2007-09-15 04:46:17 · 6 answers · asked by Sarah 2 in Society & Culture Languages

6 answers

This is true of many languages. For example, in Japanese and Chinese, nouns don't have gender, and they don't even have number (no plurals).

I think most European & Slavic languages have gender on their nouns. Among languages spoken in Europe, Finnish has no noun genders (probably Hungarian too) -- Finnish is from a completely different language family from other European languages.

2007-09-15 04:59:19 · answer #1 · answered by TurtleFromQuebec 5 · 1 0

There is no such term as 'neuter language' or 'neutral'. Rather English is one of many languages that have no grammatical gender. Well, almost, it seems to have traces like the habit of using 'she' to refer to ships and such. Anyway, there are lots of languages that have no gender distinctions at all, like Persian and Turkish and Japanese and Hungarian and Finnish and so on, but English is quite different because it does distinguish 'he' from 'she', but usually based on natural gender (sex) rather than grammatical gender. In this regard I think it is rather uncommon. Actually at the moment I cannot think of another such language, though I am sure one exists.

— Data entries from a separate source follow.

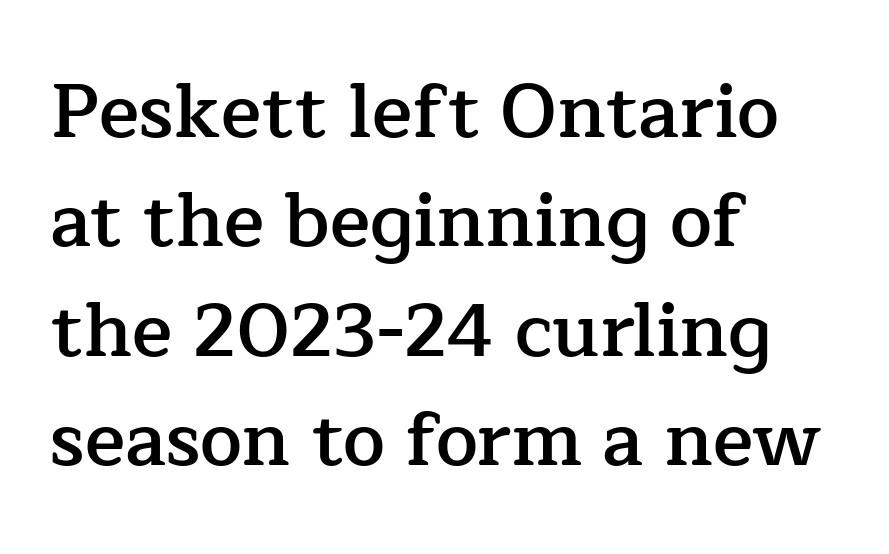
Q: Is the text bold? A: Semi-bold.
Q: Is the text italic (slanted)? A: No, it is upright.
Q: Is the typeface a serif or a sans-serif typeface? A: Serif.
Q: Is the text underlined? A: No.
Q: How is the paragraph aligned? A: Left-aligned.
Q: Is the spacing between letters normal or unusually wide? A: Normal.
Q: Is the spacing between lines tight, normal or loose? A: Normal.
Q: Width (condensed, normal, or wide)? A: Normal.
Q: Stroke contrast? A: Low.
Q: x-height? A: Medium.
Q: Monospaced? A: No.
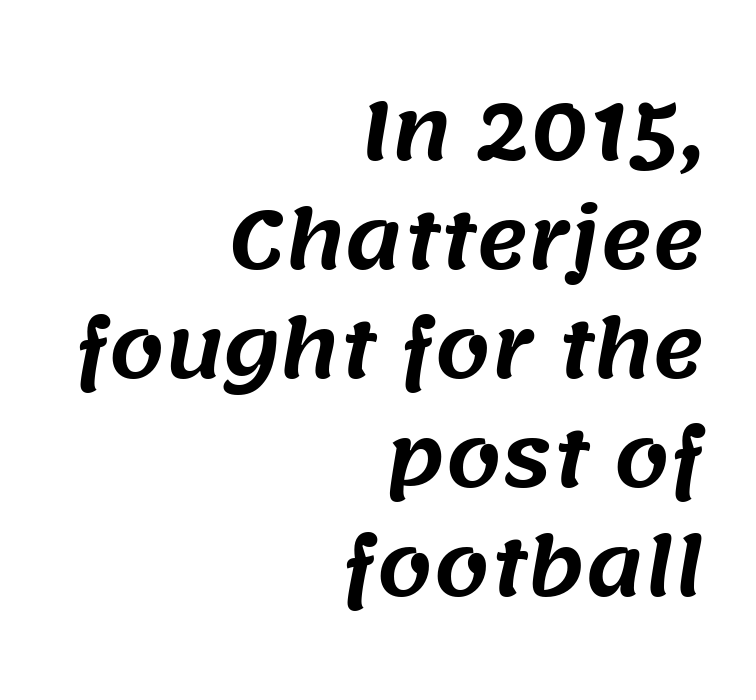
The image shows 79 px sans-serif type; set right-aligned, normal line spacing (1.38x), normal letter spacing, not underlined; medium stroke contrast and a large x-height.
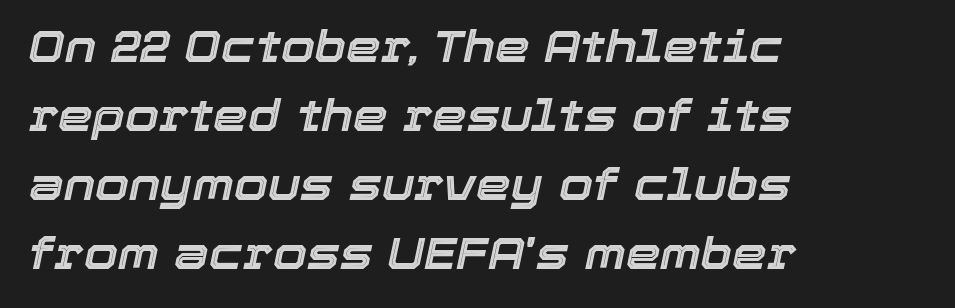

2007-09-15 20:51:33 · answer #2 · answered by Anonymous · 0 0

The word you want is "neutral", not "neuter".
Chinese, Korean, Vietnamese, Japanese, and a lot of other Asian languages don't. English used to be gender specific like other European languages, but later on the sounds infused and to simplify the language, the genders got disposed of.

2007-09-15 11:51:11 · answer #3 · answered by bryan_q 7 · 0 1

Farsi (Persian) and all of its descendants (Dari, Urdu, Pashtu, etc.), just like english are gender-neutral. Those languages are spoken in Iran, Tajikistan, Afghanistan, Pakistan and parts of India.

2007-09-15 14:51:06 · answer #4 · answered by Babak Kaveh 2 · 1 0

German uses 'es'

French uses 'on' but it's not exactly for describing.

Russian has the neuter 'Оно' and has neuter adjectives too.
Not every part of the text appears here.